The loss of Ritchie meant that Rakell had to move up from line three to line one with Getzlaf and Eaves. Line three thus was Perry with Nate Thompson (as it had been) and Logan Shaw, who is hardly an offensive powerhouse. Perry did play some shifts with Getzlaf in period three, when the team was throwing everything they had at gaining a tie. Shaw, by the way, was up from line four (Vermette and Wagner), and in his place there was Jared Boll, making that line a true enforcing group.
That was kind of a waste, with Boll getting 4:05 and Wagner 7:01. Only Vermette got decent icetime of the trio, and that because he is so often used on faceoffs. Get this: the guy won 68% of his draws, seven out of 22. That’s pure insanity. Look at the top ten guys in the league this season, and cut out those with a few dozen draws (most of the top ones), and Vermette is a mile past anyone else with a healthy number of hundreds of draws. And come on—more than two-thirds winning percentage? Nuts.
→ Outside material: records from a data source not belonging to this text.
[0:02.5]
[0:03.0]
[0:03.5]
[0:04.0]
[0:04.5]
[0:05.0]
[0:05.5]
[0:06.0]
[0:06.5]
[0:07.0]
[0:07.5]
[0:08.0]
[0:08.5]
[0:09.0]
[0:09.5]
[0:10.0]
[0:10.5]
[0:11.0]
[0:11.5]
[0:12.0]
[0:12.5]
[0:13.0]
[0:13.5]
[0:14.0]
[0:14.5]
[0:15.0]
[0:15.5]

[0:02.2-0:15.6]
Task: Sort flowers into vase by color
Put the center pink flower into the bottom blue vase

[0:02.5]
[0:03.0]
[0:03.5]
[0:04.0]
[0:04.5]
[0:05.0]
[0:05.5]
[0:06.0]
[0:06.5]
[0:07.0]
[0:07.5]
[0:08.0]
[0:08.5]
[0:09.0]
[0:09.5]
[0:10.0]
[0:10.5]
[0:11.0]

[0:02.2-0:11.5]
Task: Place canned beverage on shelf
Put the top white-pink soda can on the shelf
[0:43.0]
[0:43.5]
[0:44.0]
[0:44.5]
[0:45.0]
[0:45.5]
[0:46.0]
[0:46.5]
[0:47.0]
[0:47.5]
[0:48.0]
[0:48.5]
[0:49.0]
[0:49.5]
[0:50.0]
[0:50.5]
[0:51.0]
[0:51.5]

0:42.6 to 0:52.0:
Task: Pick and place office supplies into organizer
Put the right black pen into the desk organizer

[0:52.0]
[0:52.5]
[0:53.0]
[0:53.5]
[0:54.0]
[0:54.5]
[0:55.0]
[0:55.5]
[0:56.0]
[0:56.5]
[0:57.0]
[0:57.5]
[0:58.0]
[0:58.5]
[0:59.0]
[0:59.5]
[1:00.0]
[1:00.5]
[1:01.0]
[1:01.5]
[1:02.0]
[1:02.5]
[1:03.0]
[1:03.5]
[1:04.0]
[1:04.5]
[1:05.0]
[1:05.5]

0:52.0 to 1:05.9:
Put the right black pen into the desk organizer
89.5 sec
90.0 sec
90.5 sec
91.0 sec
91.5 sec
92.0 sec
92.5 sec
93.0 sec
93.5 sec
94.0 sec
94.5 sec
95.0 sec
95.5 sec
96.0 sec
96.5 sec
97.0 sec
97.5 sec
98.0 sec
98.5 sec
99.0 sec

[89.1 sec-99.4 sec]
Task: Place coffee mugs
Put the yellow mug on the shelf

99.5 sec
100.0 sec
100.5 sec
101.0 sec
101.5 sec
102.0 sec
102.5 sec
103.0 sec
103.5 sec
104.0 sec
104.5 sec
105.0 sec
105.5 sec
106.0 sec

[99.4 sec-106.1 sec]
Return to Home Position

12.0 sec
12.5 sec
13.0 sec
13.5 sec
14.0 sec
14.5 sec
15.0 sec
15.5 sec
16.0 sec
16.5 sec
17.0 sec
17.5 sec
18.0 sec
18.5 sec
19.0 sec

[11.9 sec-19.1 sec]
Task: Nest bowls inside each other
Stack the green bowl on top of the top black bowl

But good to have.
The Ducks goal, by the way, came with about five minutes to go in period two. It was on the PP, Silfverberg with assists from Fowler and Kesler.
Time went on and neither team scored again, but the last few minutes of the game for John Gibson were spent in a yo-yo from the crease towards the bench and back again. He finally got there with about 47 seconds remaining, watching while the Ducks desperately tried to tie the game. No luck.
The Ducks, as was said, got 40 shots, and the Oilers 23. They had 3-9-11 shots cumulatively through the periods. The Ducks were steady at 12-12-16, but in period three, they rang a couple off of posts. One beat Talbot under a leg and rolled quickly back to pipe. It seemed initially that it had gone in, but it was quickly waved off. Replays were plain that it hadn’t gone where the Ducks wanted it to.
Oh well. The Ducks were way better on faceoffs, at 64%. They outhit the Oilers 32-25. They had way more chances at the net when blocks and missed shots are added to those that got to the goalie. The puck just didn’t go in, despite much more pressure coming from Anaheim than in game one.
What do the Ducks have to do? Hope to contain McDavid in Edmonton, which is going to be very hard for two reasons: he seems to have found some seams to use to avoid Kesler, and his coach will be able to line-match the player away from his chief tormenter.